Difficile credere nella possibilità di una Vita diversa se solo di questa ci siamo accontentati e basta, nonostante lo scontento...
Chi PASSIONI autentiche in sè coltiva, mai capace sarà di pensare: "Ora è...ovvio che debba tutto per sempre finire"... ...finire!!
Certo, FEDE è, non un toccare con mano...Del resto non si può ora, pienamente, sperimentare ciò che profondamente però in TE SENTI come immensamente migliore, rispondente a ciò cui l'anima tua intensamente ogni giorno TENDE...
Ciao, Francesco. Intensamente ti auguro ogni BENE VERO e TUTTO TUO.
Vera
mybackpages
+2 # mybackpages 07-11-2016 10:49
ciao Vera, il tuo commento è inerente al titolo, ma questo racconto allegorico non è della vita eterna che tratta, ma di un uomo
che per sfuggire al dolore si rifugia nel passato, sino ad essere intrappolato nel palazzo della memoria. Qui è costretto a rivivere
come in un flash i momenti più importanti della sua vita.
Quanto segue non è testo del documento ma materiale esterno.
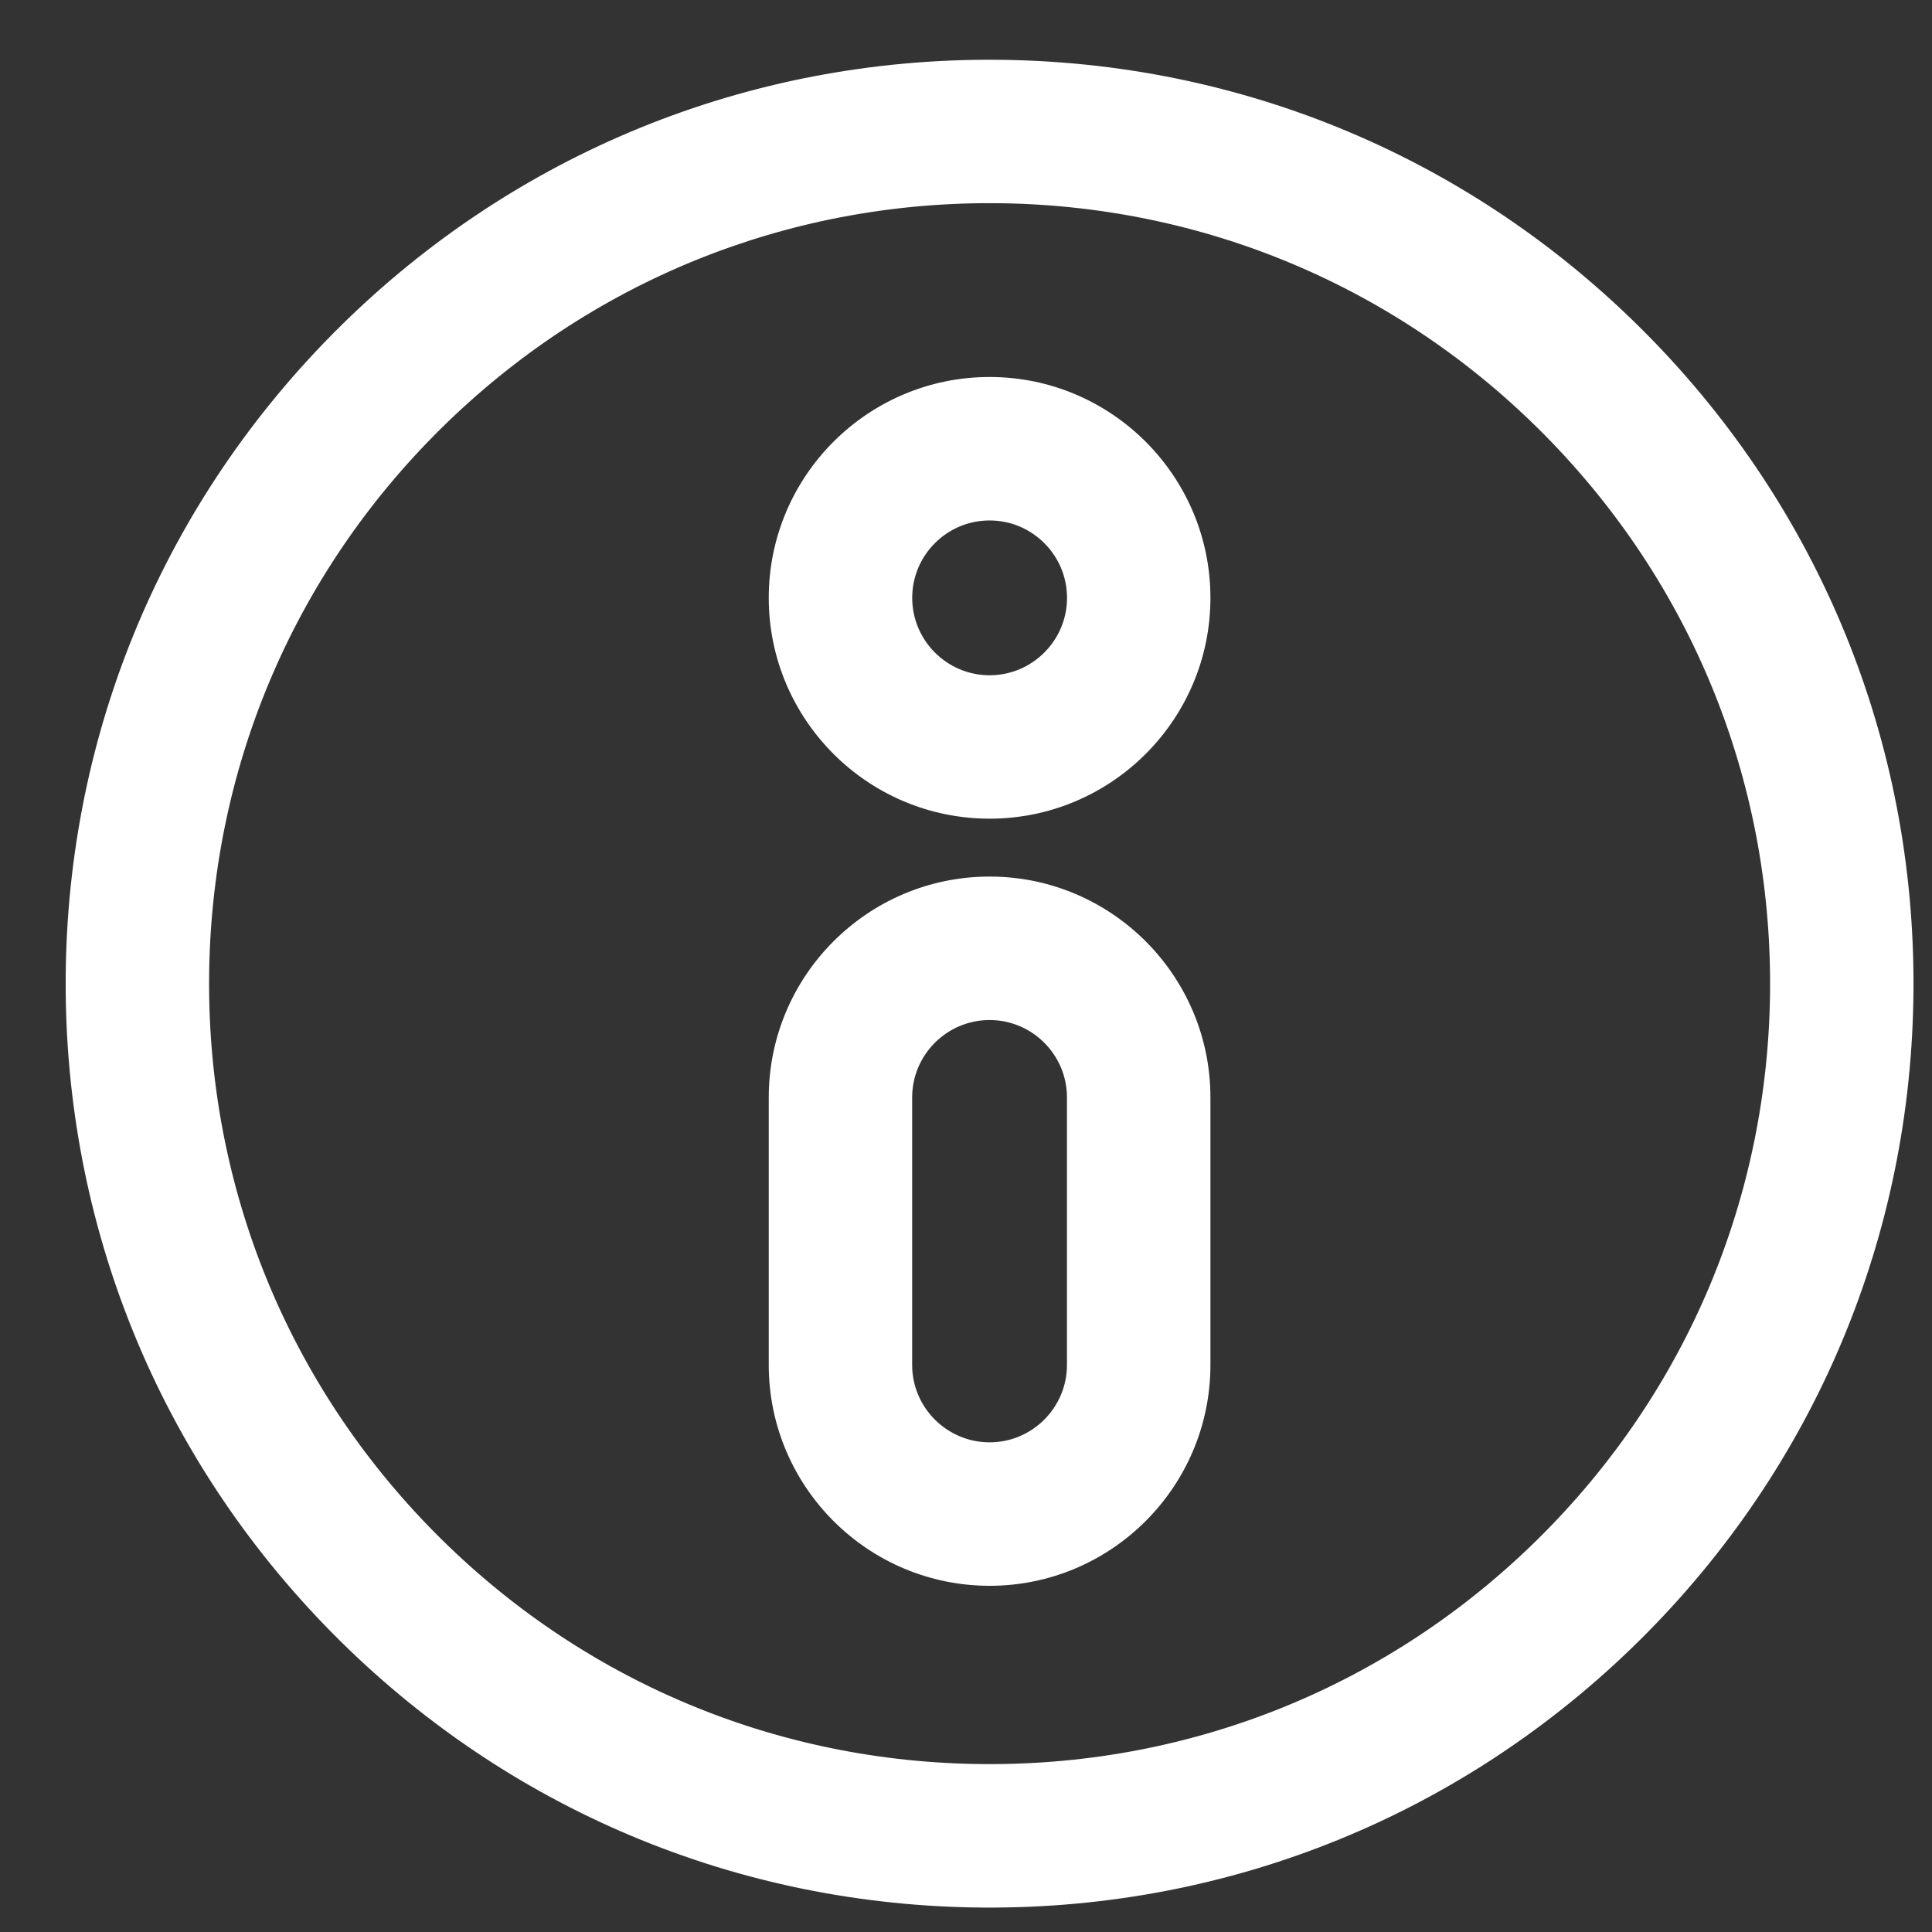 <svg xmlns="http://www.w3.org/2000/svg" width="31" height="31" viewBox="0 0 31 31" fill="none"><rect x="0" y="0" width="31" height="31" fill="#333333" stroke="none"/><path d="M6.967 6.773L6.967 6.773C9.374 4.392 12.563 3.092 15.948 3.11C19.334 3.129 22.509 4.465 24.889 6.872C27.27 9.279 28.57 12.468 28.552 15.854C28.533 19.239 27.197 22.414 24.79 24.794C22.383 27.175 19.194 28.475 15.809 28.456C12.423 28.438 9.248 27.102 6.868 24.695C4.487 22.288 3.187 19.099 3.205 15.713C3.224 12.328 4.56 9.153 6.967 6.773ZM5.559 5.349L5.665 5.456L5.559 5.349C2.772 8.106 1.225 11.783 1.204 15.702C1.182 19.622 2.688 23.316 5.444 26.103C8.201 28.89 11.878 30.437 15.797 30.458C19.717 30.48 23.411 28.974 26.198 26.218C28.985 23.461 30.532 19.784 30.553 15.864C30.575 11.945 29.069 8.251 26.312 5.464C23.556 2.677 19.879 1.13 15.96 1.109C12.04 1.087 8.346 2.593 5.559 5.349Z" fill="white" stroke="white" stroke-width="0.3"></path><path d="M15.879 6.199C14.007 6.199 12.485 7.721 12.485 9.593C12.485 11.464 14.007 12.986 15.879 12.986C17.75 12.986 19.272 11.464 19.272 9.593C19.272 7.721 17.75 6.199 15.879 6.199ZM15.879 10.985C15.111 10.985 14.487 10.36 14.487 9.593C14.487 8.825 15.111 8.201 15.879 8.201C16.646 8.201 17.271 8.825 17.271 9.593C17.271 10.36 16.646 10.985 15.879 10.985Z" fill="white" stroke="white" stroke-width="0.3"></path><path d="M15.879 14.215C14.007 14.215 12.485 15.738 12.485 17.609V21.901C12.485 23.772 14.007 25.295 15.879 25.295C17.75 25.295 19.272 23.772 19.272 21.901V17.609C19.272 15.738 17.75 14.215 15.879 14.215ZM17.27 21.901C17.27 22.668 16.646 23.293 15.879 23.293C15.111 23.293 14.486 22.668 14.486 21.901V17.609C14.486 16.842 15.111 16.217 15.879 16.217C16.646 16.217 17.27 16.842 17.27 17.609V21.901Z" fill="white" stroke="white" stroke-width="0.3"></path></svg>

Alla fine può capire che il passato è la nostra identità, persino il magazzino
dei torti e degli errori, ma che è col presente, con l'impegno quotidiano che si può costruire il futuro. L'amore può fare molto, perchè
non è importante solo amare, ma anche essere amati. Se non ci si riesce, la colpa può essere solo nostra. Solo l'amore ricambiato
può liberarci dalle streghe del passato.
Antonia Vono
+2 # Antonia Vono 07-11-2016 10:51
abbiamo porte chiuse,che solo qualcuno riesce ad aprire.Quasi sempre un angelo,e da lì si riparte,perchè la vita è fino all'ultimo respiro.
Testo davvero interessante,co me sempre trovo la tua scrittura.Fuori dall'ordinario.
Piaciuta e trainante.
Un saluto in poesia.
rosa dei venti
+1 # rosa dei venti 08-11-2016 11:47
Un capolavoro letterario pregno di significato, geniale come sempre il tuo stile, intenso, comunicativo, partecipato, bravissimo!!
Vera Lezzi
# Vera Lezzi 29-12-2016 14:37
...Ma dico io, davvero è ragionevole desiderare tanto di essere ricambiati da chi non ci vuole??? non è meglio pensare che meritiamo di meglio??!